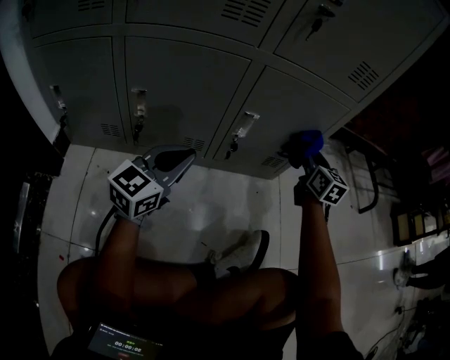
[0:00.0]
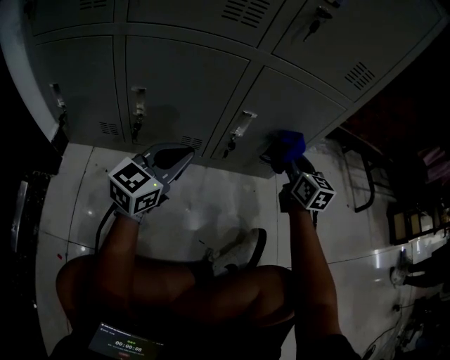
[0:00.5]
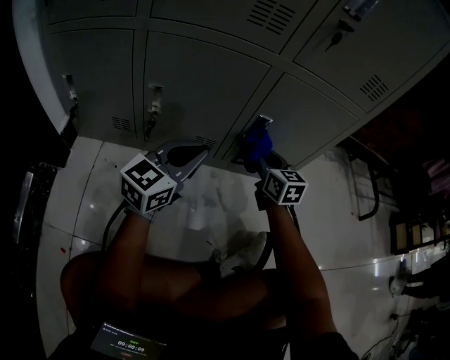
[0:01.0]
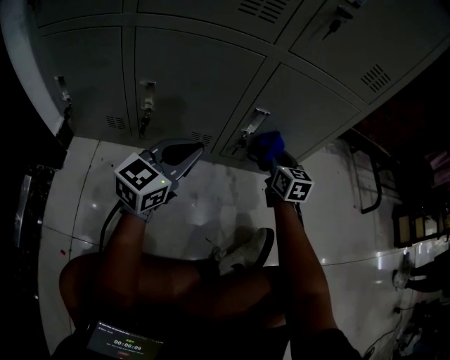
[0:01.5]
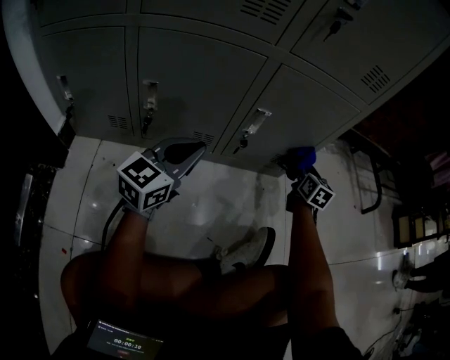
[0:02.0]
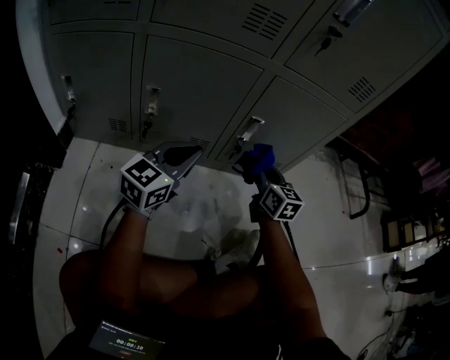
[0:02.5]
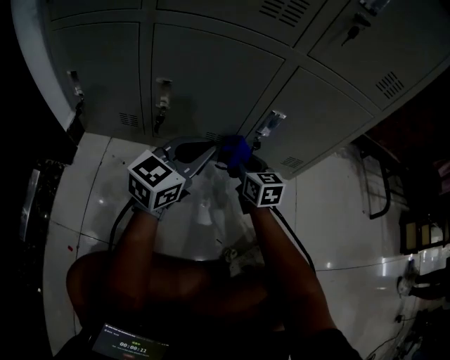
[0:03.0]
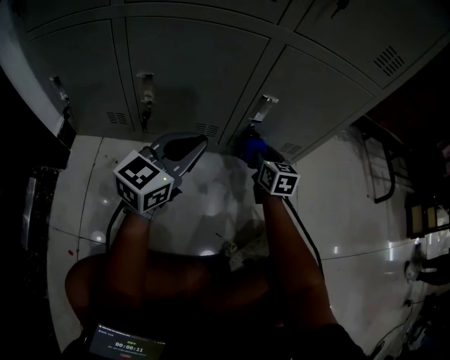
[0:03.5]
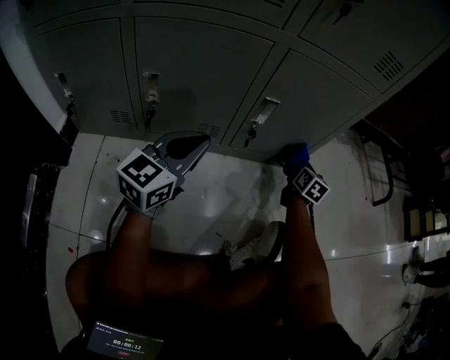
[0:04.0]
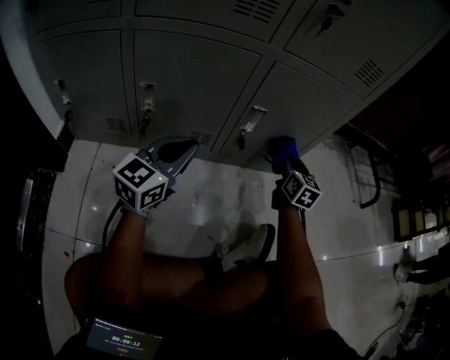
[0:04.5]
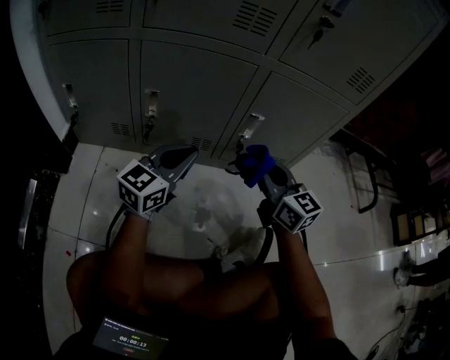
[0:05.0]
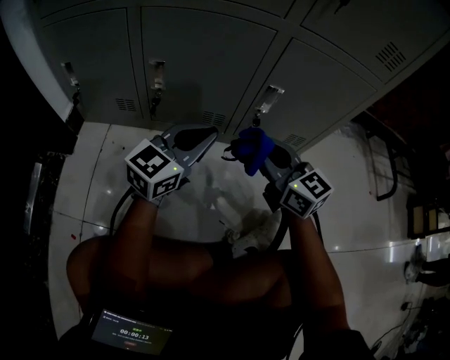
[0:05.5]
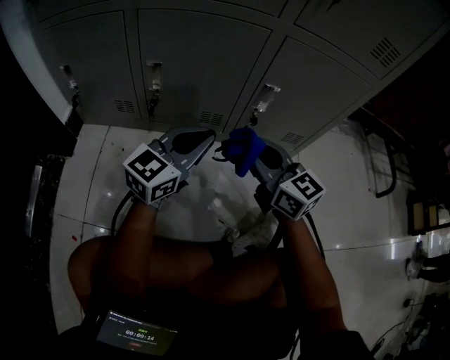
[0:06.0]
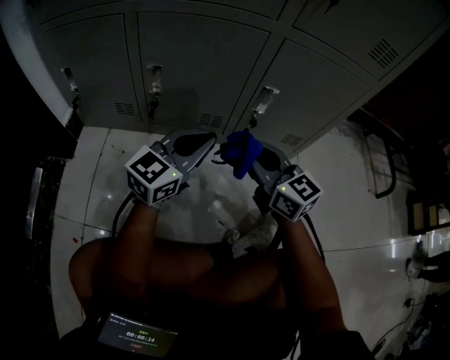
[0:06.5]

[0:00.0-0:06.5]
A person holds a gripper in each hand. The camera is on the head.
0:00.0 to 0:02.0: The right gripper shifts some 10 cm downward, and reaches roughly 15 cm to the left, then returns.
0:02.0 to 0:04.5: The right gripper moves left and right over roughly 25 cm, changing direction 2 times.
0:04.5 to 0:06.5: The right gripper travels to the left and backward by about 25 cm, and changes its angle by approximately 50 degrees.

━━━━━━

§ About this exercise
In the copy, include each entry exactly as written and none of the pictures.

§ Solution for this task
[0:00.0]
[0:00.5]
[0:01.0]
[0:01.5]
[0:02.0]
[0:02.5]
[0:03.0]
[0:03.5]
[0:04.0]
[0:04.5]
[0:05.0]
[0:05.5]
[0:06.0]
[0:06.5]

[0:00.0-0:06.5]
A person holds a gripper in each hand. The camera is on the head.
0:00.0 to 0:02.0: The right gripper shifts some 10 cm downward, and reaches roughly 15 cm to the left, then returns.
0:02.0 to 0:04.5: The right gripper moves left and right over roughly 25 cm, changing direction 2 times.
0:04.5 to 0:06.5: The right gripper travels to the left and backward by about 25 cm, and changes its angle by approximately 50 degrees.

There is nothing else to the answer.